- [What the task requires]: Would you please transcribe, exactly as written, the lines of the entries below starting at the one that holds "#45=VERTEX_POINT('',#157);" and ending at the one that holds "#3434 = EDGE_CURVE", both included?

- [Exercise inputs]:
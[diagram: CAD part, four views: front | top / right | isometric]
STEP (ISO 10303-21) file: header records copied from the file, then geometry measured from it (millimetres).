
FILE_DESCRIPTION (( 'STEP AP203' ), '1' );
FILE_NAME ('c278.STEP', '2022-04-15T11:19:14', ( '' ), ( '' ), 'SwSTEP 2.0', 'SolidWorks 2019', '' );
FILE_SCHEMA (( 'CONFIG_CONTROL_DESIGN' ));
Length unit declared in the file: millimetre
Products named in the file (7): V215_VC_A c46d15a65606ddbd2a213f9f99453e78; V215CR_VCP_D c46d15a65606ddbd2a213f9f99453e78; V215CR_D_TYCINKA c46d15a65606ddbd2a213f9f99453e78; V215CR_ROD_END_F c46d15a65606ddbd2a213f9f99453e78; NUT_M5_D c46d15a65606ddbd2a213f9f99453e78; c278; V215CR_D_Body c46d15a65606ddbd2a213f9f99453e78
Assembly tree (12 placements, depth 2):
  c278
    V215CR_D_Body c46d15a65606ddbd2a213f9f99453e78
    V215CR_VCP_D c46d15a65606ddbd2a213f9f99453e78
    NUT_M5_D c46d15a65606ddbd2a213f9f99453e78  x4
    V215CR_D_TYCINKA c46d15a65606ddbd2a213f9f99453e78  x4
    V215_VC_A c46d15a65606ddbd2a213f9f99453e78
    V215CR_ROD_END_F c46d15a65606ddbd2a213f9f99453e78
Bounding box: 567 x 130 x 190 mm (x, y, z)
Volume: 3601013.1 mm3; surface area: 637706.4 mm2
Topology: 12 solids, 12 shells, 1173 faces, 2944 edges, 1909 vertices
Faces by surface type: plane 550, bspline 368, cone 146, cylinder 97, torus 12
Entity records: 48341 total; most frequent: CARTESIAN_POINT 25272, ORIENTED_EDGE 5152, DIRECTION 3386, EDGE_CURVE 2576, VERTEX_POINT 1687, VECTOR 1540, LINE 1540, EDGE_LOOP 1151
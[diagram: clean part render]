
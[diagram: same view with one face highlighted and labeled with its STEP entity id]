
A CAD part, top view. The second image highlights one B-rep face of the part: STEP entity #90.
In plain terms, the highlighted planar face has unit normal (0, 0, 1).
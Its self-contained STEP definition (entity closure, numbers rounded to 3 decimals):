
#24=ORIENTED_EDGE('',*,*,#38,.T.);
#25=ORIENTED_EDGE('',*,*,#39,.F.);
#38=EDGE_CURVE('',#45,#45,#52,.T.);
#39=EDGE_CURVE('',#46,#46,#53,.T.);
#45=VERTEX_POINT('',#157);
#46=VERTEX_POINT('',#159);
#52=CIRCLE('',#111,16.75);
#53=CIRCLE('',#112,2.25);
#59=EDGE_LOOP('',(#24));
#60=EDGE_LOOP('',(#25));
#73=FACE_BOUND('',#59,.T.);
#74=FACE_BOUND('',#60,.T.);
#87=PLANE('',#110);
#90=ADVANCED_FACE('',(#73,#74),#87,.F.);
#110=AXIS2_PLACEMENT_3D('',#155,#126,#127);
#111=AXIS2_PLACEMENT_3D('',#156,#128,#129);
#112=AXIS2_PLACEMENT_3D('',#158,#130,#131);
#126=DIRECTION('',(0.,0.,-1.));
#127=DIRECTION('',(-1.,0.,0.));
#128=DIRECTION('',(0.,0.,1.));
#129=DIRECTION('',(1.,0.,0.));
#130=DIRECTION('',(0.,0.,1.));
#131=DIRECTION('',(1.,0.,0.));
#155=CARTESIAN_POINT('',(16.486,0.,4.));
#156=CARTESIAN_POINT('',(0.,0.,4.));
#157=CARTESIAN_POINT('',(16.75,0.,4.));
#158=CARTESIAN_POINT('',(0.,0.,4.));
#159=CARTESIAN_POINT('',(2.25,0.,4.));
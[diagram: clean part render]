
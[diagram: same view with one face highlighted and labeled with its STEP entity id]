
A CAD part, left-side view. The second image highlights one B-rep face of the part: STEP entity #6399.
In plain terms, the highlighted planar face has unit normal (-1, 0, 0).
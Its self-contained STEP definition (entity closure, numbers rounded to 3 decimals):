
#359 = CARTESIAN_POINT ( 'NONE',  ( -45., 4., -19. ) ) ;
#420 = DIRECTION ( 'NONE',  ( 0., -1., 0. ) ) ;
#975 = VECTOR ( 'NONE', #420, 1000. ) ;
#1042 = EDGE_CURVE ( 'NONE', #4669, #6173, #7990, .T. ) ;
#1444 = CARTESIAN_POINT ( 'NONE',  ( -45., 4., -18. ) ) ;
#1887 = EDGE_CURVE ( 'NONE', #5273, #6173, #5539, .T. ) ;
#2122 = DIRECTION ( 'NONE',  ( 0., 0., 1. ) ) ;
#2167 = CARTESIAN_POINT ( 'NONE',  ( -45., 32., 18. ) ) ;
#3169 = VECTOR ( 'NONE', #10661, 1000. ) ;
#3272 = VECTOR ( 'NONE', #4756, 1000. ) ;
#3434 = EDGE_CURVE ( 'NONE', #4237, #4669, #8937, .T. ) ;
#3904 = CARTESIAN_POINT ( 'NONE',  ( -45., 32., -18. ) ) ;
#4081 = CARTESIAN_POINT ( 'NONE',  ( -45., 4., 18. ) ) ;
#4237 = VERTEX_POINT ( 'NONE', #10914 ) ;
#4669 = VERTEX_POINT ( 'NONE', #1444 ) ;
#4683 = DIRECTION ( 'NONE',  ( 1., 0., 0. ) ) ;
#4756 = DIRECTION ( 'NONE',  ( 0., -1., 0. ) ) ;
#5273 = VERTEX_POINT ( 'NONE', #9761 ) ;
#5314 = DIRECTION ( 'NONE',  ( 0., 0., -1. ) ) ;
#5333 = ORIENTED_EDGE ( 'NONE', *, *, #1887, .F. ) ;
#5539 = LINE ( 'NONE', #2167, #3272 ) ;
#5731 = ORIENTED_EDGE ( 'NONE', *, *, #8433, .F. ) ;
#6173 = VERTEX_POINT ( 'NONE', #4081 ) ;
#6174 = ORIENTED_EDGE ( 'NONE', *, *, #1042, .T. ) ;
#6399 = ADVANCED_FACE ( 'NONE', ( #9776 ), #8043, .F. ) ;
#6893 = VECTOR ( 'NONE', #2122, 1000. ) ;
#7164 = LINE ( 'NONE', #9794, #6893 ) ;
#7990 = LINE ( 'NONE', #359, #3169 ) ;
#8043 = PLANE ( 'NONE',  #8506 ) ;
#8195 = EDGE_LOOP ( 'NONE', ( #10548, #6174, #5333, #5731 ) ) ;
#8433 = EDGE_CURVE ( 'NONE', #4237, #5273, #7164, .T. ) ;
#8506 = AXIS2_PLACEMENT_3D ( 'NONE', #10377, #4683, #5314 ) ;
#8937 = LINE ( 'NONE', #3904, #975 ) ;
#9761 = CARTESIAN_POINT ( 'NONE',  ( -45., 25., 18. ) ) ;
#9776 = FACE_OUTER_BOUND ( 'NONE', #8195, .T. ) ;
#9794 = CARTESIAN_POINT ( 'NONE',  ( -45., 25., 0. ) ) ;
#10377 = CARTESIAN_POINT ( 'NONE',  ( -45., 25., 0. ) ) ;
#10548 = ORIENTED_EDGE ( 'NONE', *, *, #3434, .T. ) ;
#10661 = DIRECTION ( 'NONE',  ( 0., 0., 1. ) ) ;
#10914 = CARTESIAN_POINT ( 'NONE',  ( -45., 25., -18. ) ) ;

- [Solution to this problem]:
#45=VERTEX_POINT('',#157);
#46=VERTEX_POINT('',#159);
#52=CIRCLE('',#111,16.75);
#53=CIRCLE('',#112,2.25);
#59=EDGE_LOOP('',(#24));
#60=EDGE_LOOP('',(#25));
#73=FACE_BOUND('',#59,.T.);
#74=FACE_BOUND('',#60,.T.);
#87=PLANE('',#110);
#90=ADVANCED_FACE('',(#73,#74),#87,.F.);
#110=AXIS2_PLACEMENT_3D('',#155,#126,#127);
#111=AXIS2_PLACEMENT_3D('',#156,#128,#129);
#112=AXIS2_PLACEMENT_3D('',#158,#130,#131);
#126=DIRECTION('',(0.,0.,-1.));
#127=DIRECTION('',(-1.,0.,0.));
#128=DIRECTION('',(0.,0.,1.));
#129=DIRECTION('',(1.,0.,0.));
#130=DIRECTION('',(0.,0.,1.));
#131=DIRECTION('',(1.,0.,0.));
#155=CARTESIAN_POINT('',(16.486,0.,4.));
#156=CARTESIAN_POINT('',(0.,0.,4.));
#157=CARTESIAN_POINT('',(16.75,0.,4.));
#158=CARTESIAN_POINT('',(0.,0.,4.));
#159=CARTESIAN_POINT('',(2.25,0.,4.));
[diagram: clean part render]
[diagram: same view with one face highlighted and labeled with its STEP entity id]
A CAD part, left-side view. The second image highlights one B-rep face of the part: STEP entity #6399.
In plain terms, the highlighted planar face has unit normal (-1, 0, 0).
Its self-contained STEP definition (entity closure, numbers rounded to 3 decimals):
#359 = CARTESIAN_POINT ( 'NONE',  ( -45., 4., -19. ) ) ;
#420 = DIRECTION ( 'NONE',  ( 0., -1., 0. ) ) ;
#975 = VECTOR ( 'NONE', #420, 1000. ) ;
#1042 = EDGE_CURVE ( 'NONE', #4669, #6173, #7990, .T. ) ;
#1444 = CARTESIAN_POINT ( 'NONE',  ( -45., 4., -18. ) ) ;
#1887 = EDGE_CURVE ( 'NONE', #5273, #6173, #5539, .T. ) ;
#2122 = DIRECTION ( 'NONE',  ( 0., 0., 1. ) ) ;
#2167 = CARTESIAN_POINT ( 'NONE',  ( -45., 32., 18. ) ) ;
#3169 = VECTOR ( 'NONE', #10661, 1000. ) ;
#3272 = VECTOR ( 'NONE', #4756, 1000. ) ;
#3434 = EDGE_CURVE ( 'NONE', #4237, #4669, #8937, .T. ) ;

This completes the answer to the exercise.